Twenty years ago on page 6 of the January 1988 edition of Power Engineering magazine, a full-age ad introduced “POWER-GEN ‘88” to the world. The inaugural event, which grew to become POWER-GEN International, was held at the Orlando Convention Center from December 6-8. The event covered fossil and solid fuel power generation, including coal, oil, natural gas, municipal solid waste and other waste fuels. “Paper abstracts are invited,” the ad read. That opened the floodgates, which, over the next 20 years, would see thousands of papers researched, written and presented at the world’s largest and most prestigious exhibition and conference for the power generation industry.
Power Engineering magazine has been PGI’s flagship media sponsor since the beginning 20 years ago. This year to celebrate PGI’s 20th anniversary we’ll take a look back at some of the issues and events that were making news. A lot of the same issues continue to make news today.
With the 2008 Major League baseball season about to get underway, fans like to remember that the game’s immortal players (those enshrined at Cooperstown) could walk onto any diamond today and see few noticeable changes from their own playing days.

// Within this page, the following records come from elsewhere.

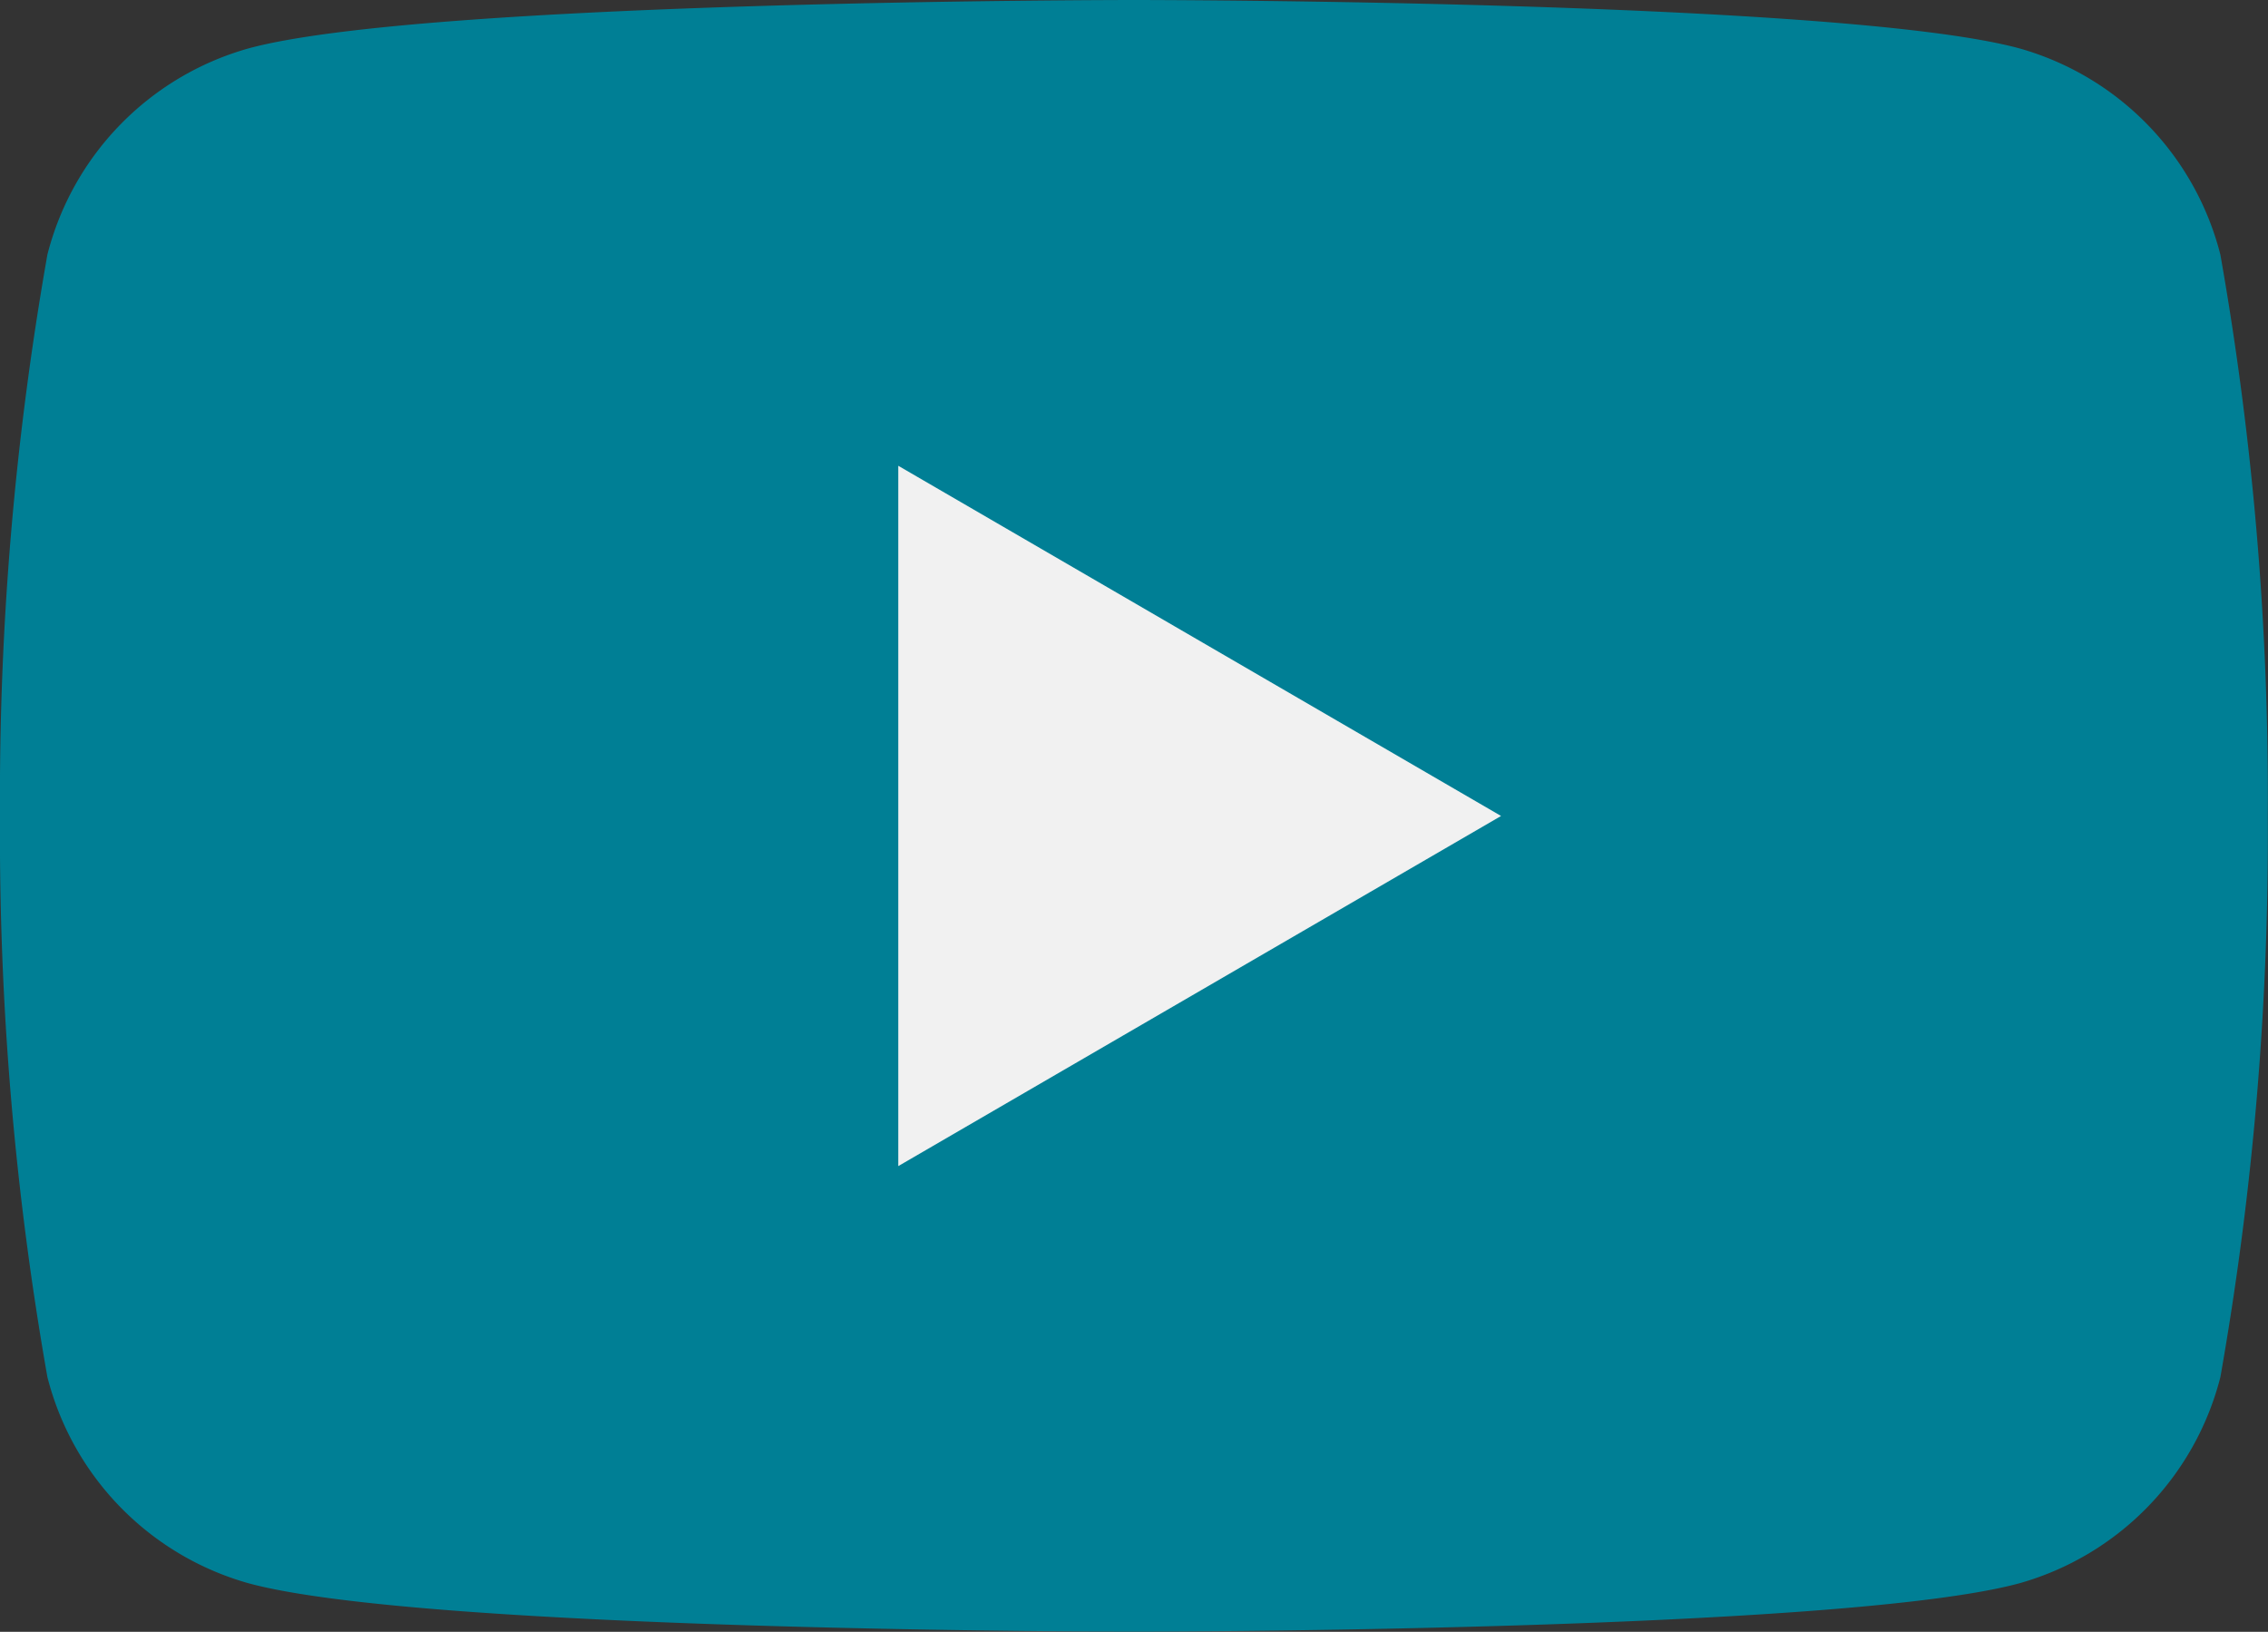 <svg id="Group_48" data-name="Group 48" xmlns="http://www.w3.org/2000/svg" xmlns:xlink="http://www.w3.org/1999/xlink" width="32.686" height="23.518" viewBox="0 0 32.686 23.518">
  <rect x="0" y="0" width="32.686" height="23.518" fill="#333333" stroke="none"/>
  <defs>
    <clipPath id="clip-path">
      <rect id="Rectangle_106" data-name="Rectangle 106" width="32.686" height="23.518" fill="#007f95"/>
    </clipPath>
  </defs>
  <g id="Group_47" data-name="Group 47" transform="translate(0 0)" clip-path="url(#clip-path)">
    <path id="Path_61" data-name="Path 61" d="M32,3.672A4.152,4.152,0,0,0,29.113.7C26.564,0,16.343,0,16.343,0S6.122,0,3.573.7a4.152,4.152,0,0,0-2.89,2.97A44.9,44.9,0,0,0,0,11.759a44.923,44.923,0,0,0,.683,8.087,4.152,4.152,0,0,0,2.89,2.97c2.549.7,12.77.7,12.77.7s10.221,0,12.77-.7A4.153,4.153,0,0,0,32,19.846a44.923,44.923,0,0,0,.683-8.087A44.9,44.9,0,0,0,32,3.672" transform="translate(0 0)" fill="#007f95"/>
    <path id="Path_62" data-name="Path 62" d="M37,18.785V28.878l8.687-5.046Z" transform="translate(-24.054 -12.072)" fill="#f1f1f1"/>
  </g>
</svg>

In many ways, electric power generation enjoys that same sort of constancy. The basic systems and processes are largely the same as they were in, say, 1908. So it’s not too surprising to read stories from the March 1988 issue of Power Engineering magazine touching on themes that appear quite contemporary.
“Power plants upgrade instrumentation and control systems,” reads the cover headline for the March 1988 issue. The story explained how microprocessor-based distributed digital control systems and programmable logic controllers were being retrofitted to older power plants to improve efficiency and optimize operations.
A related feature explained how programmable logic controllers could be retrofitted to existing control systems.
A third feature examined dust fire and explosion hazards, noting that coal dust hazards could be classified using four indexes: ignition sensitivity, explosion severity, overall explosibility and friability.
The news headlines from March 1988 may offer a better indication of how things have changed over 20 years.
One news brief carried news that Public Service of New Hampshire (PSNH) in late January had filed for protection under Chapter 11 of the U.S. bankruptcy code. The utility, the news brief said, “is burdened by debt from the Seabrook nuclear plant.” Although the plant was complete, it was not operating because of a dispute over evacuation planning. The utility had also asked for a 15 percent rate increase, but the state’s Supreme Court denied it, saying the plant had to be producing power for it to receive an increase. Opponents argued the plant should not be licensed because of the utility’s financial problems.
(Yet to be reported was the fact that during March 1988, Northeast Utilities revealed its interest in acquiring PSNH. After extensive negotiations, NU reached agreement near the end of 1989. On June 5, 1990 PSNH became a wholly-owned operating unit of NU.)
In Illinois, also during March 1988, Commonwealth Edison’s Braidwood unit 2 received a low power operating license from the Nuclear Regulatory Commission. Braidwood unit 2 was the last unit in the company’s nuclear construction program. That program included 13 units, construction of which began in the early 1970s.
Then there was this sunny forecast regarding photovoltaic solar costs: a 50 percent reduction was expected over the next 12 to 18 months, according to an official at the U.S. Department of Energy. Since 1980, the cost of PV solar had fallen from $1.50/kW to $0.35. Cell efficiency stood at 5 percent a few years earlier, but crystalline solar cells with 22 percent sunlight-to-electricity efficiencies were being reported. And efficiencies in the 30 to 40 percent range were projected for thin-film silicon solar cells. DOE’s goal? To develop PV solar technology capable of generating electricity for $0.06/kW. The DOE official was quoted as saying, “We feel that’s achievable.”